Apa yang ditunjukkan Tuhan kepada hamba-Nya yang sombong dan mengambil hak Tuhan, sesungguhnya dapat terlihat pada pengusiran iblis dari surga-Nya disebabkan keengganan iblis mengakui kelebihan Nabi Adam. Kesombongan iblis dipicu oleh keangkuhan atas asal kejadiannya, ketaatan ibadahnya, senioritas penciptaan atas dirinya. Dan ketinggian derajatnya. Akibatnya, iblis diusir dari surga-Nya. Pengusiran tersebut disebabkan iblis mengambil sifat Tuhan dengan kesombongan atas status yang dimilikinya.

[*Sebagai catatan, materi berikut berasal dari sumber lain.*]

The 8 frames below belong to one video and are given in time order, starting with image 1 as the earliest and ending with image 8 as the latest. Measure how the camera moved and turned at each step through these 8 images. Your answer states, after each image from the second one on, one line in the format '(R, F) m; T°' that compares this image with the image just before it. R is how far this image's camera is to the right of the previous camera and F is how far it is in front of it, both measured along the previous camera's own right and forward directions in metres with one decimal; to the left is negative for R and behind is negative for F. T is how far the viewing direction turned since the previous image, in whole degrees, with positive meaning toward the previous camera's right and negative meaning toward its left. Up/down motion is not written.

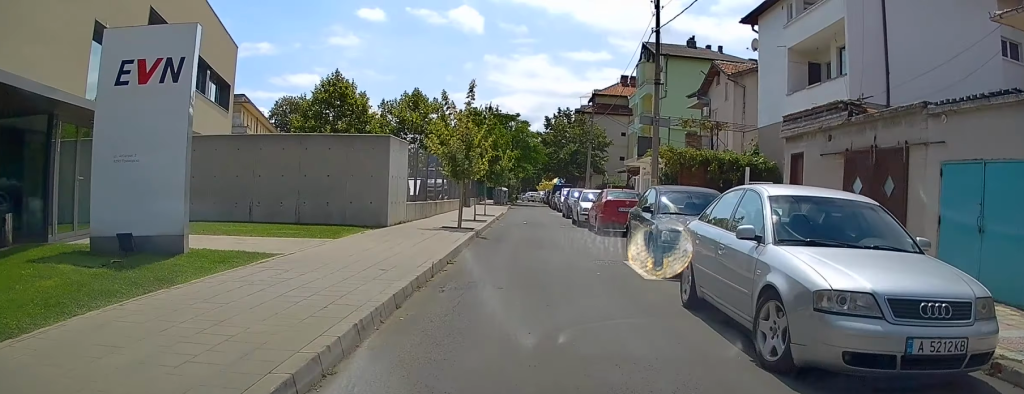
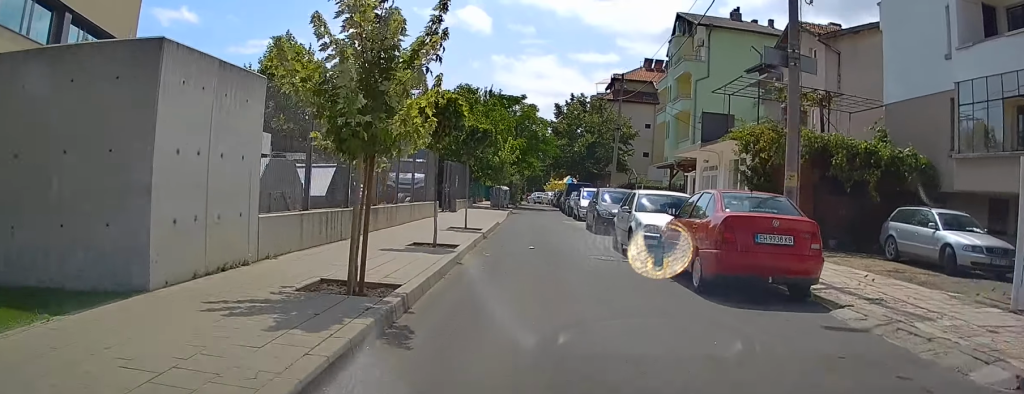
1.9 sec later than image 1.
(0.0, +11.9) m; 0°
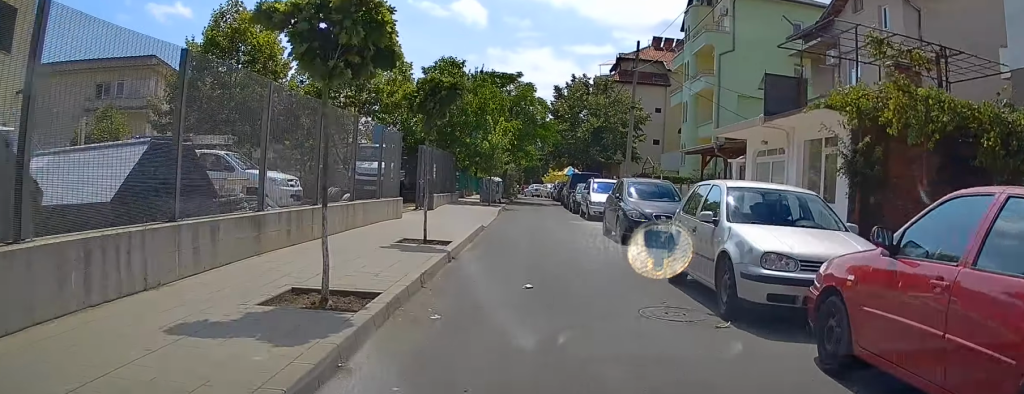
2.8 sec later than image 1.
(0.0, +6.8) m; -1°
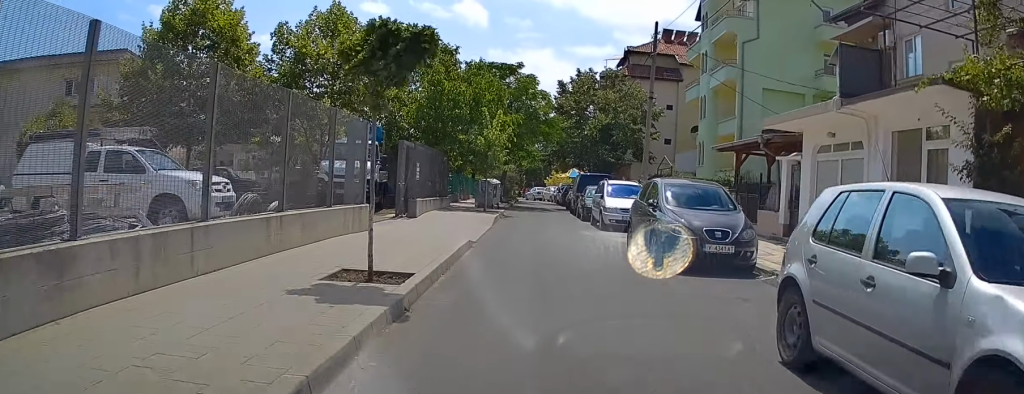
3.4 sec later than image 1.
(0.0, +4.4) m; -1°
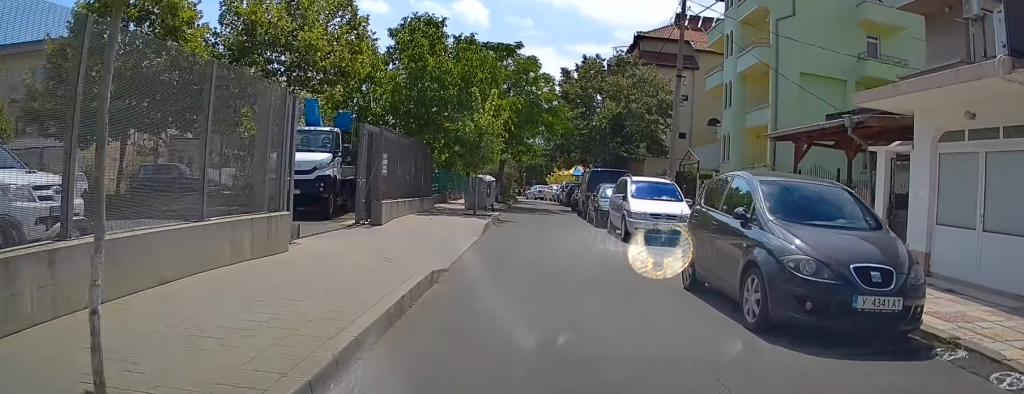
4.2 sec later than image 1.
(0.0, +5.3) m; 0°
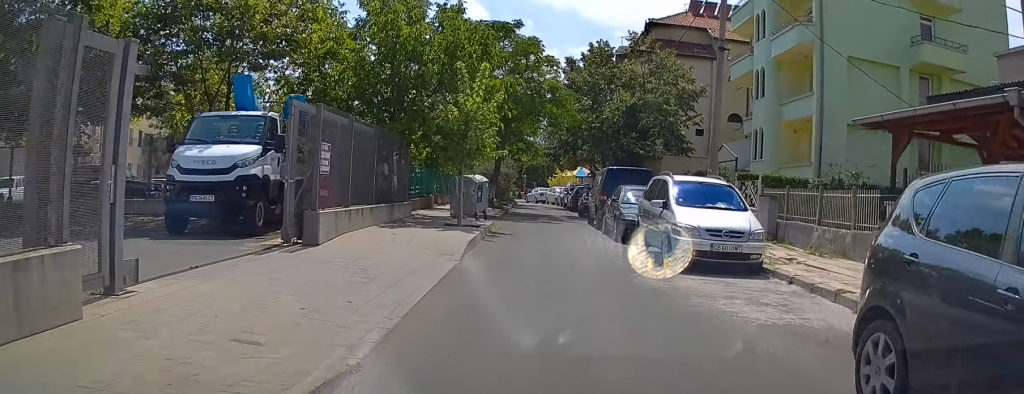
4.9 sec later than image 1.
(0.0, +5.2) m; +1°
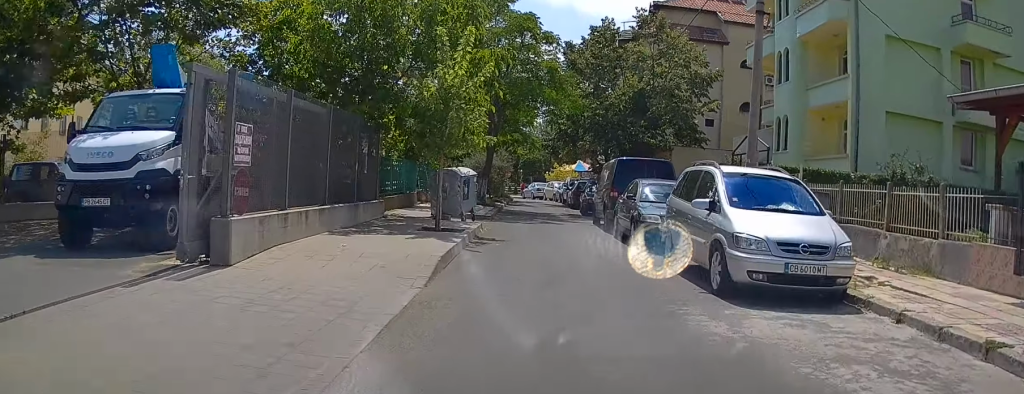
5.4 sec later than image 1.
(+0.1, +3.5) m; +1°
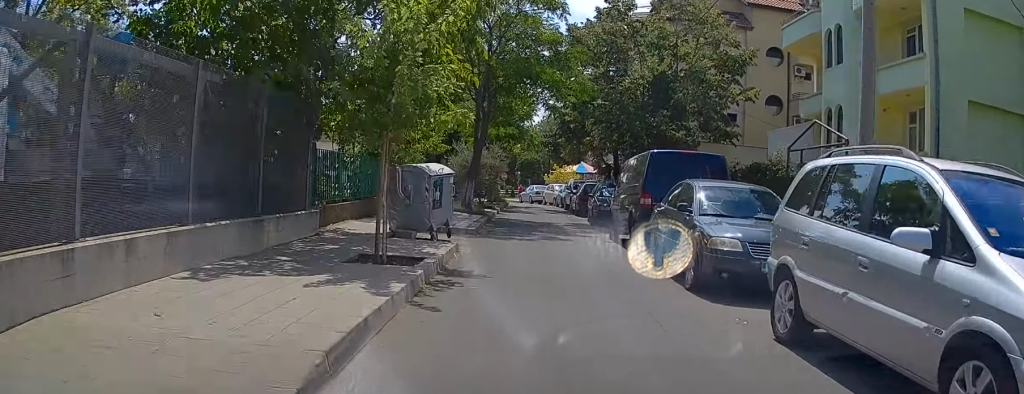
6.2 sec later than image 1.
(0.0, +5.2) m; 0°

Akibat dari pengusiran tersebut, iblis memproklamirkan permusuhan, menanam dendam, dan menyemai kebencian mendalam terhadap Nabi Adam. Dendam dan kebencian pada Nabi Adam dan anak cucunya berlangsung sejak iblis diusir sampai hari kiamat.
Dalam konteks di atas, iblis tidak pernah introspeksi atas dirinya dan melihat keunggulan orang lain yang mungkin tak pernah dimilikinya. Secara tidak bijak justru iblis menjadikan Nabi Adam sebagai musuh, bukan merangkul Nabi Adam sebagai kekuatan yang saling melengkapi. Dalam hal ini, iblis menyelesaikan persoalan dengan dendam kesumat. Apakah setiap kebenaran yang muncul harus disikapi dengan kebencian. Sebagaimana kebenaran firman Allah yang disikapi oleh iblis dengan pengingkaran dan kebencian yang mendalam.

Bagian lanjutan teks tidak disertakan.